Matthew A. Clarke comments on Broken Latents: Studying SAEs and Feature Co-occurrence in Toy Models

Matthew A. Clarke 3 Jan 2025 10:17 UTC
1 point
0
I agree that comparing tied and untied SAE might be a good way to separate cases where the underlying features are inherently co-occurring. I have wondered if this might lead to a way to better understand the structure of how the model makes decisions, similar to the work of Adam Shai (https://arxiv.org/abs/2405.15943). It may be that cases where the tied SAE has to just not represent a feature, are a good way of detecting inherently hierarchical features (to work out if something is an apple you first decide if it is a fruit for example), if LLM learn to think that way.

I think what you say about clustering of activation densities makes sense, though in the case of Gemma I think the JumpReLU might need to be corrected for to ‘align’ them.

In terms of classifying ‘uncertainty’ vs ‘compositional’ cases of co-occurrence, I believe there is a in the graph structure of what features co-occured with one another, but have not yet nailed down how much structure implies function and vice-versa.

Compositionality seemed to correlate with a ‘hub and spoke’ type of structure (see here, top left panel: https://feature-cooccurrence.streamlit.app/?model=gemma-2-2b&sae_release=gemma-scope-2b-pt-res-canonical&sae_id=layer_12_width_16k_canonical&size=4&subgraph=4740 and https://feature-cooccurrence.streamlit.app/?model=gemma-2-2b&sae_release=gemma-scope-2b-pt-res-canonical&sae_id=layer_12_width_16k_canonical&size=4&subgraph=4740 .

We also found a cluster in layer 18 that mirrors the first example above in layer 12 of Gemma-2-2b.

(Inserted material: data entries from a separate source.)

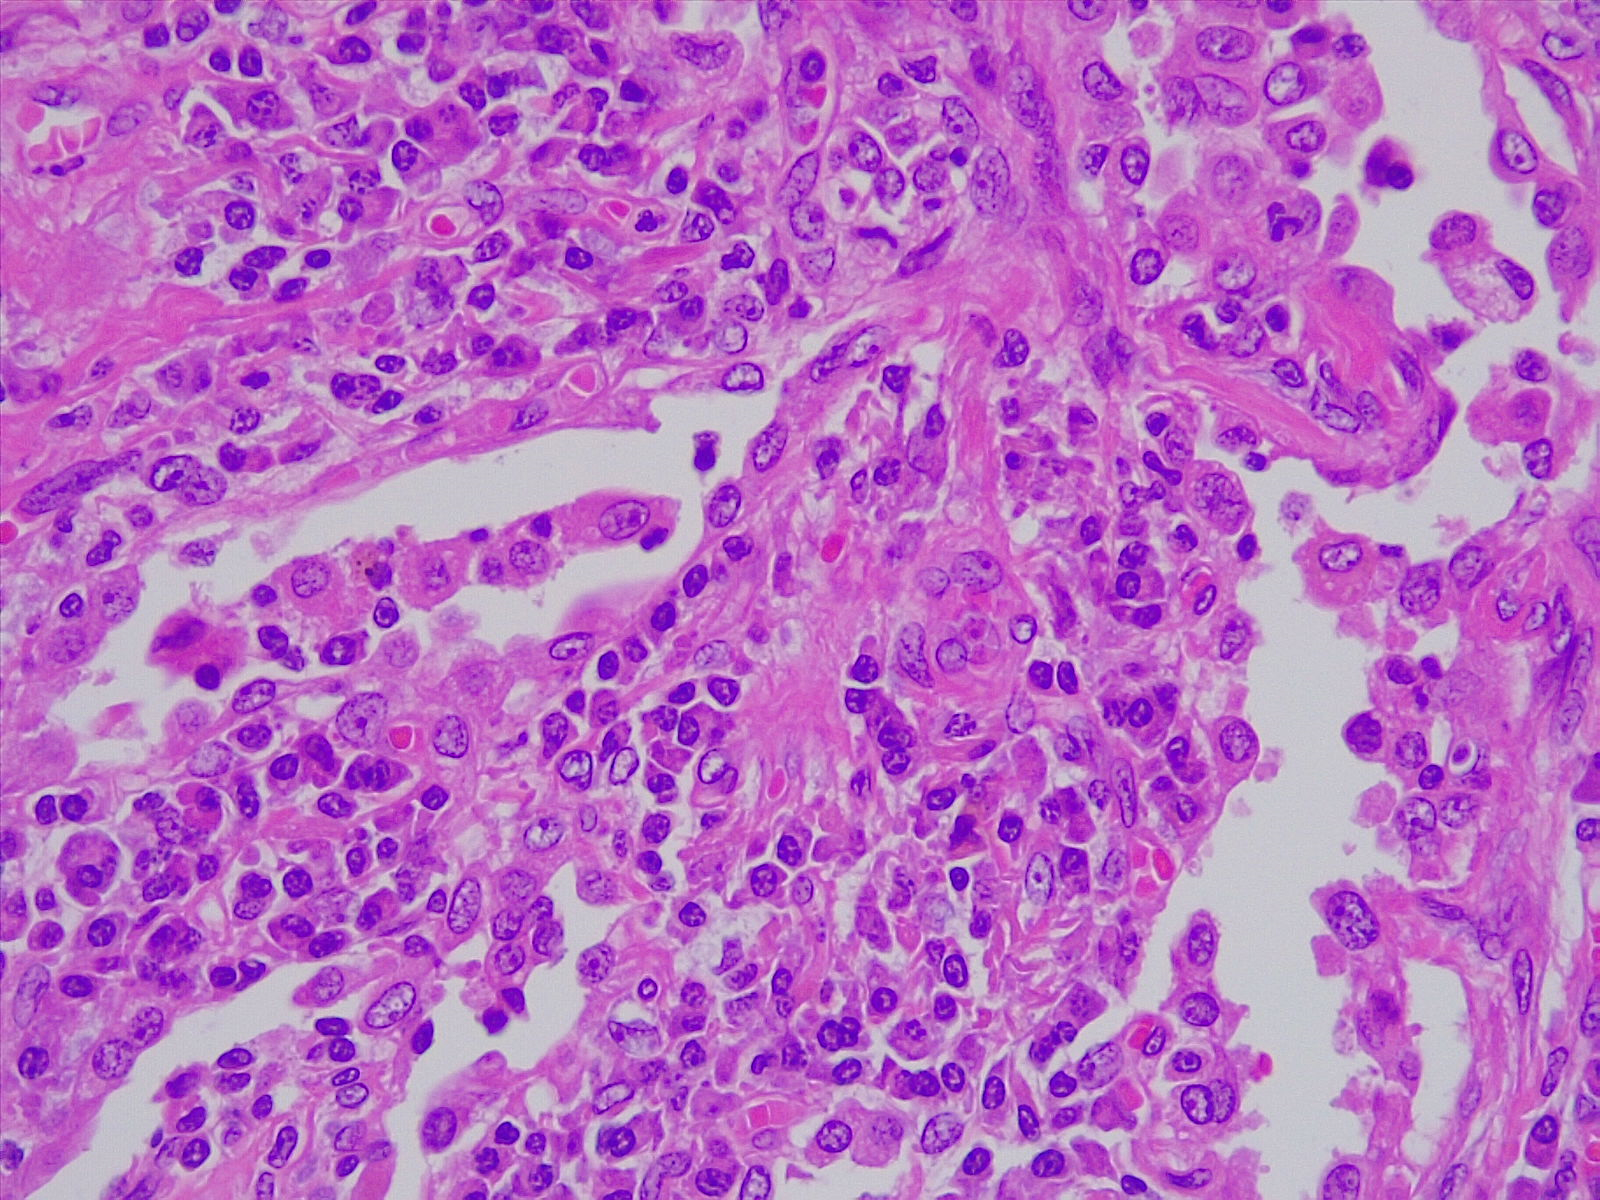
Label: normal lung tissue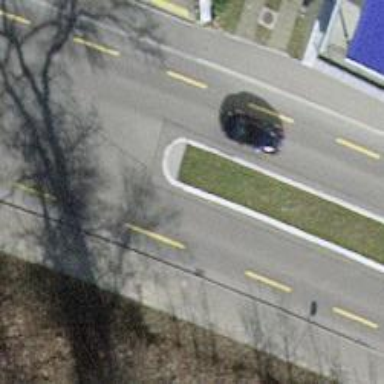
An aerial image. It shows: Tertiary road with asphalt surface. There is separate sidewalk along the road.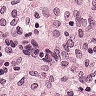
Metastatic tissue present: no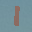
Label: 1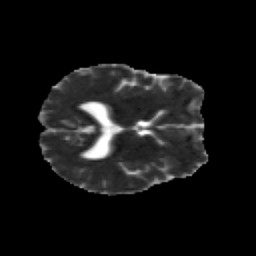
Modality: MD
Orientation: axial
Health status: healthy
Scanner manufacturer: siemens
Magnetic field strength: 3 T
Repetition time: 12 s
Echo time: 0.092 s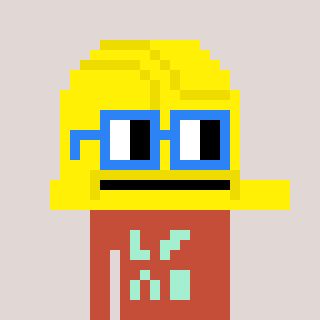
a pixel art character with square blue glasses, a construction helmet-shaped head and a rust-colored body on a warm background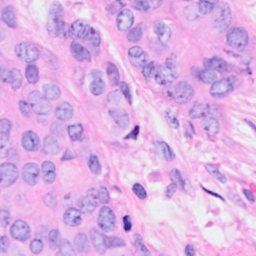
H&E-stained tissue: Breast
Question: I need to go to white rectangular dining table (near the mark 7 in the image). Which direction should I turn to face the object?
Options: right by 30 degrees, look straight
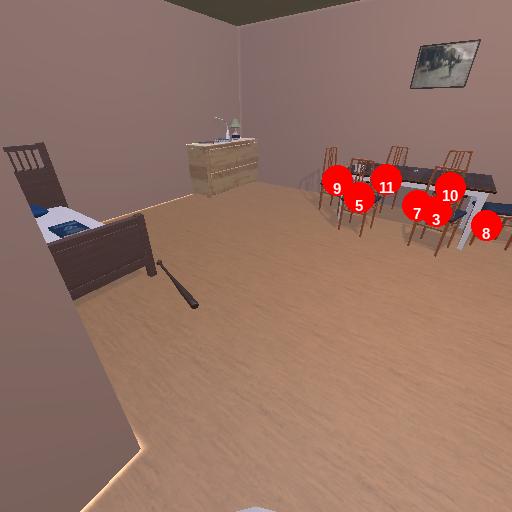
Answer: right by 30 degrees

It has worse compostional encoding, but also a slightly less hub-like structure: https://feature-cooccurrence.streamlit.app/?model=gemma-2-2b&sae_release=res-jb&sae_id=layer_18_width_16k_canonical&size=5&subgraph=201.

For ambiguity, we normally see a close to fully connected graph e.g. https://feature-cooccurrence.streamlit.app/?model=gemma-2-2b&sae_release=res-jb&sae_id=layer_18_width_16k_canonical&size=5&subgraph=201

This is clearly not perfect, as https://feature-cooccurrence.streamlit.app/?model=gpt2-small&subgraph=125&sae_release=res-jb-feature-splitting&sae_id=blocks_8_hook_resid_pre_24576&size=5&point_x=-31.171305&point_y=-6.12931 does not fit this pattern, looking like there is a compositional encoding of position of a token in the url, but the graph is not in the hub/spoke pattern.

Nevertheless, I think this points to a way that could likely quantify composition vs ambiguity.

Regarding non-linear / circular projections my intuition is that this goes hand in hand with compositionality, but I would not say this for certain.

But trying to nail down the relation between the co-occurrence graph structure and the type of co-occurrence is certainly something I would like to look into further.